Characterization of beta cell-like cells converted from human urine stem cells
Professor Xin-Fu Zhou
University of South Australia
Type 1 diabetes (T1D) is a life-long condition usually diagnosed in childhood. The desired therapy for T1D is to replenish the lost beta cells with functional healthy beta cells. Islet replacement therapy is a possible attractive solution and the success with clinical islet transplantation demonstrates the general approach has the potential to restore normal glucose control in T1D patients. In this project, we propose a novel approach to address the problem of low availability of islets for replacement therapy and the immune mediated rejection response by using patients own stem cells.
Professor Xin-Fu Zhou, Dr Larisa Bobrovskaya, Associate Professor Grigori Rychkov.

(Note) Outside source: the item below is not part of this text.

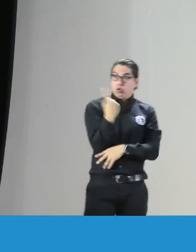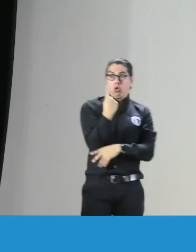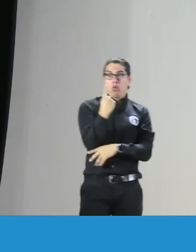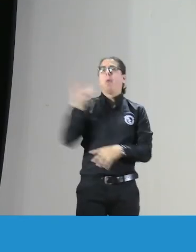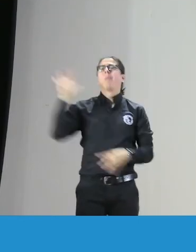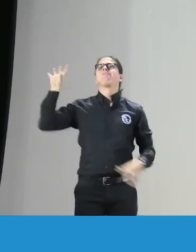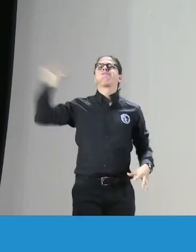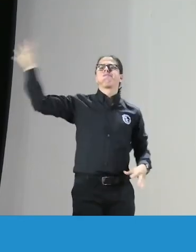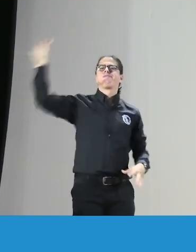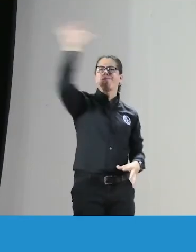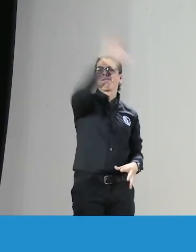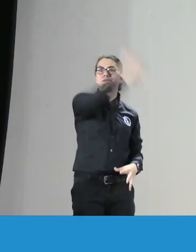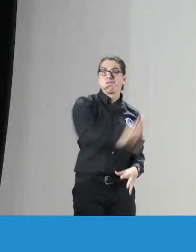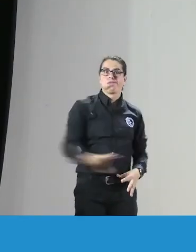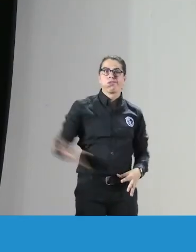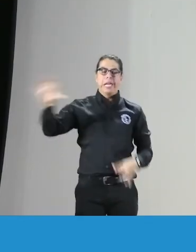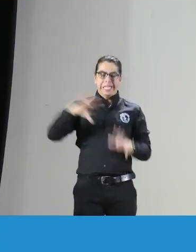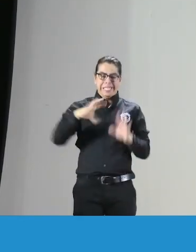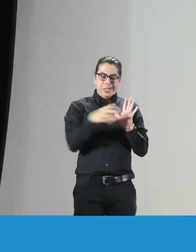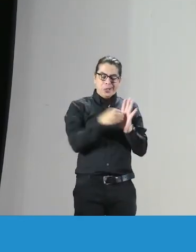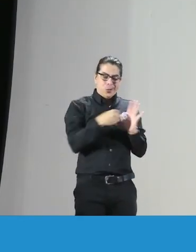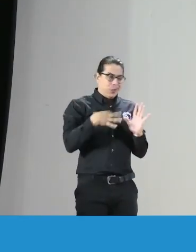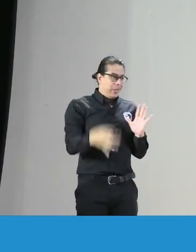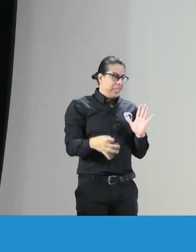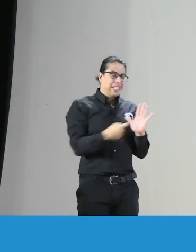entonces en Colombia a nivel nacional

Type I diabetes (T1D) causes sever complication that partially treated with insulin replacement. However instabilities in blood glucose levels continue in the patients. Scientist hypothesised that pancreatic islets transplantation represents ideal clinical treatment for patients with severe complication and sustainable therapy for T1D patients. Pancreatic beta cells differentiated from stem cells are a good source of cells. We tested the patient-derived urine stem cells potency to derive induced pancreatic beta cells. The cells prove their safety and readiness to response to the induction protocols. The induced pancreatic cells were partially similar to the normal pancreatic cells and some of the produced cell line rescued the diabetic animal model. Our research is aiming to develop a protocol to generate identical pancreatic cells from isolated urine stem cells and to generate high numbers of the induced cells.

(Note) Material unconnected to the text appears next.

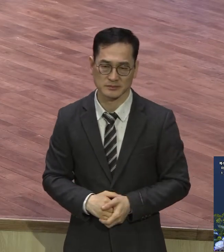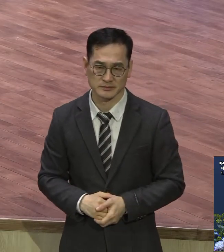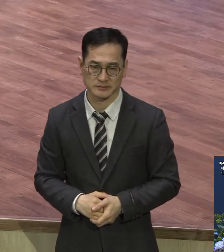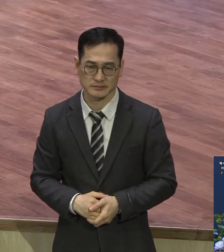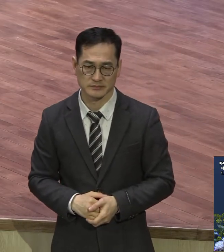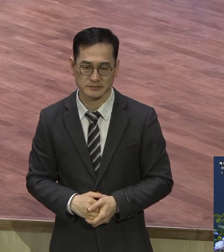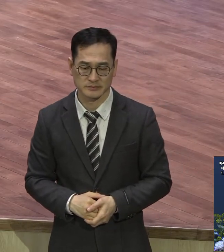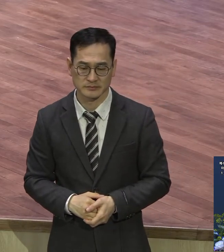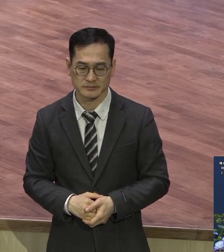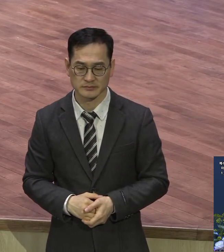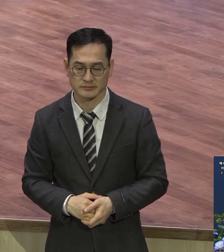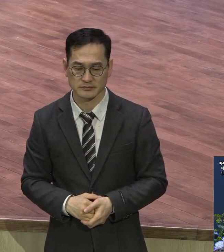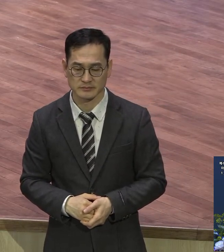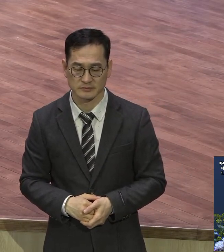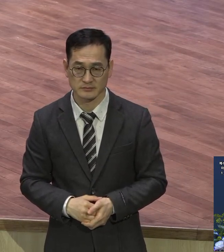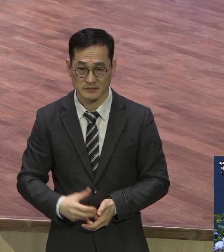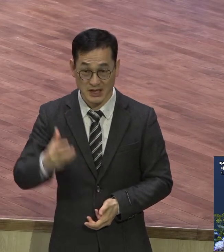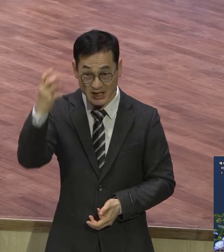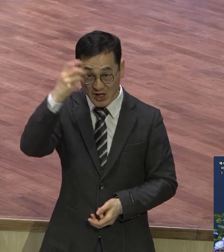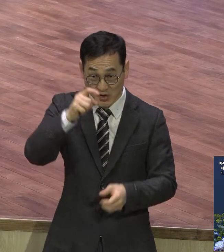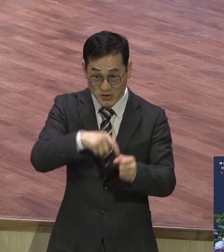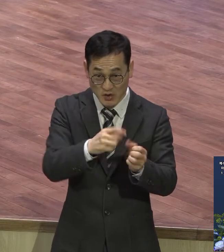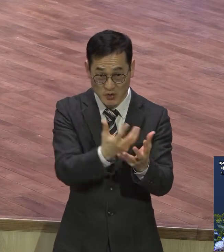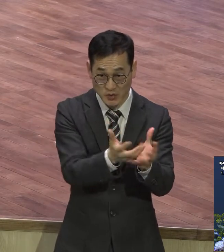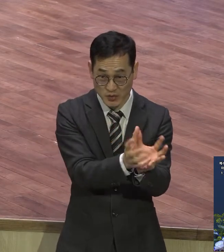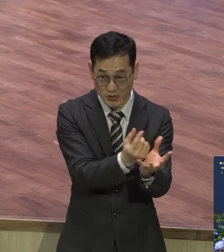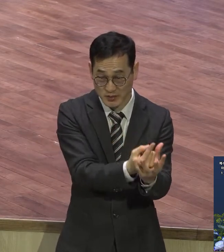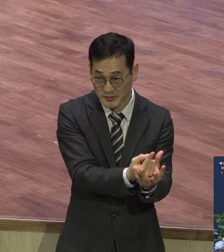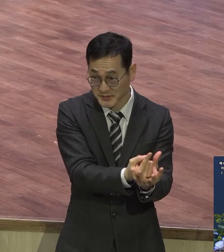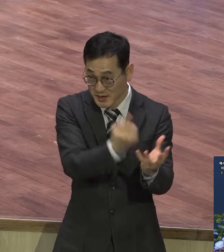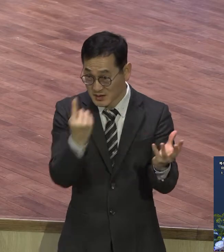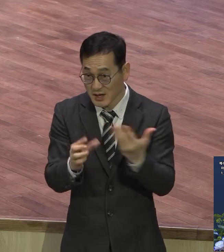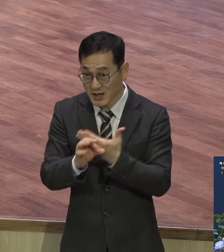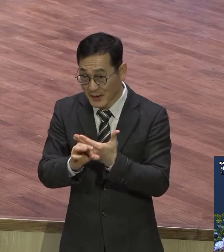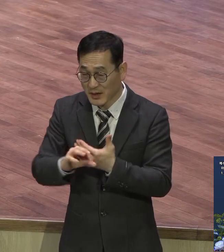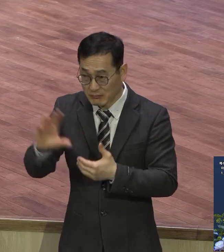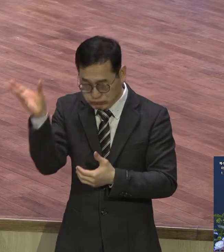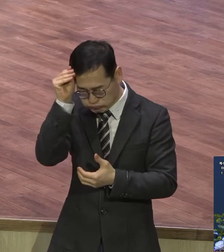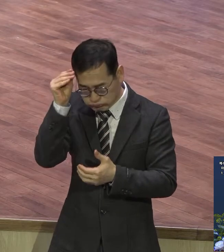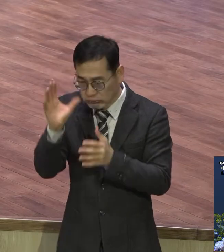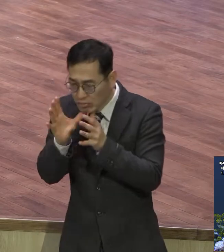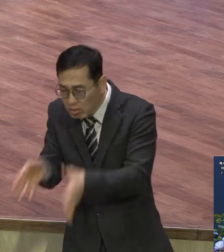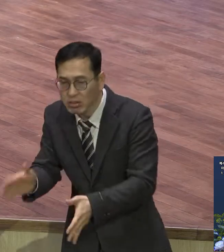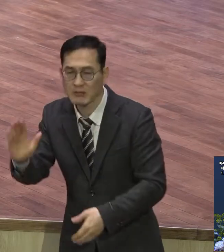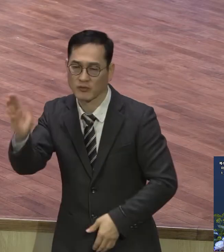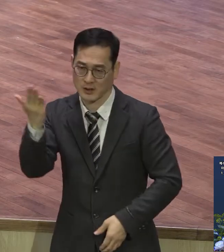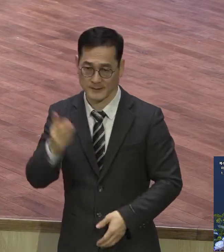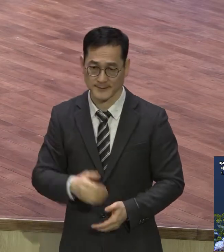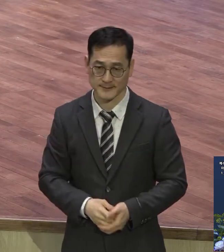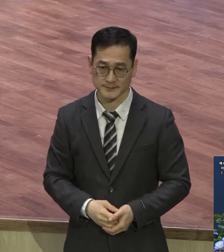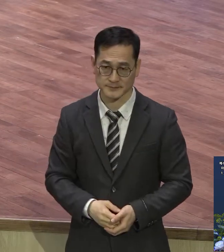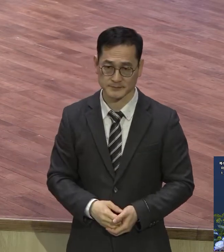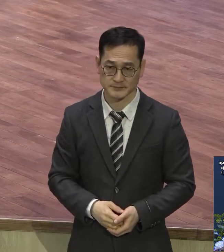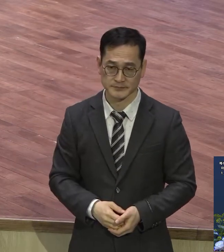무너질 수밖에 없어요 언젠가 다 무너집니다 영원토록 변함없는 하나님의 말씀만 남게 돼 있어요

Type I diabetes (T1D) is an incurable disease. Current insulin replacement therapy only partially solves the problem as fluctuations in blood glucose levels is noticed in the insulin treated patients. Infusion of pancreatic islets represent potent clinical treatment for patients with severe complication. Pancreatic beta cells differentiated from pluripotent stem cells are a good source of cells for transplantation. We hypothesised that patient-derived urine stem cells are an excellent source for conversion into beta cells.
We isolated several urine stem cells with different method of isolation and established a technique that succeeds in deriving urine stem cells from 70% of the samples. The ability of the isolated cells to multiply efficiently were tested and optimised with several media formula and the generated cells were tested for safety by Karyotyping to eliminate the risk of tumour generation. The stem cell character of the urine cells were further verified depending on series of putative markers such as oct3/4. We developed protocol to drive the urine cells to induced pancreatic cells. These cells were provisionally tested and it was revealed that they produce low levels of insulin and c peptide by ELISA.
Induced pancreatic cells intravenous injection into diabetic mice model showed the ability of three lines out of the total six lines to reduce the blood glucose levels (BGL) over 19 days to levels similar to the and compared to USC transplanted cells. The transplants were able to reduce BGLs to less than 11 mmol/L. These levels concurred with our results that recorded when similar number of human islet cells were injected in the animal model. On the other hand injection the urine cells did not have the reduction effect on the BGL. Nevertheless, the injected cells were not detected in pancreatic sections and few of the cells were detected in the livers of the mice.
RNA-seq transcriptome libraries were prepared following TruSeqTM RNA sample preparation Kit from Illumina (San Diego, CA), using total RNA extracted from non-induced urine cells, induced Pancreatic-like cells and Human pancreas tissue. Then the clean reads were separately aligned to reference genome and to the read of human pancreas tissue with orientation mode using tophat software. Gene differential expression reveal the increment of expression of several key pancreatic cells marker in the induced Pancreatic-like cells (ex: Somatostatin, SLC2A2, MAFA MAFB and PAX6) also it reveals the inhibition of gene expression of several markers in urine stem cells to resemble those of the pancreatic tissue. However the insulin, ISL1 and PCSK2) genes did not elevated to the positive control levels.
Calcium imaging fail to reveal ions oscillation in the induced pancreatic cells. These results together with the results of RNA sequencing provoked the need to analyse more urine cells samples from different donors and that reveals the variation between the isolated cells not only in the number and proliferation potency but also in the morphology and respond to the small molecules inducers therefore we increase the stringency of our induction protocol to reduce the variation between different isolated line. We introduce new small molecules to the media and optimise the concentrations for these molecules. The cell lines variation was reduced to the minimum and we started characterisation by real time PCR using cell markers such as Pax1, Sox17, Ins, Isl1, FoxA2, NKX6.1.
The manuscript entitled “Generation of insulin-secreting cells from urine for the treatment of type 1 diabetes ” is under preparation.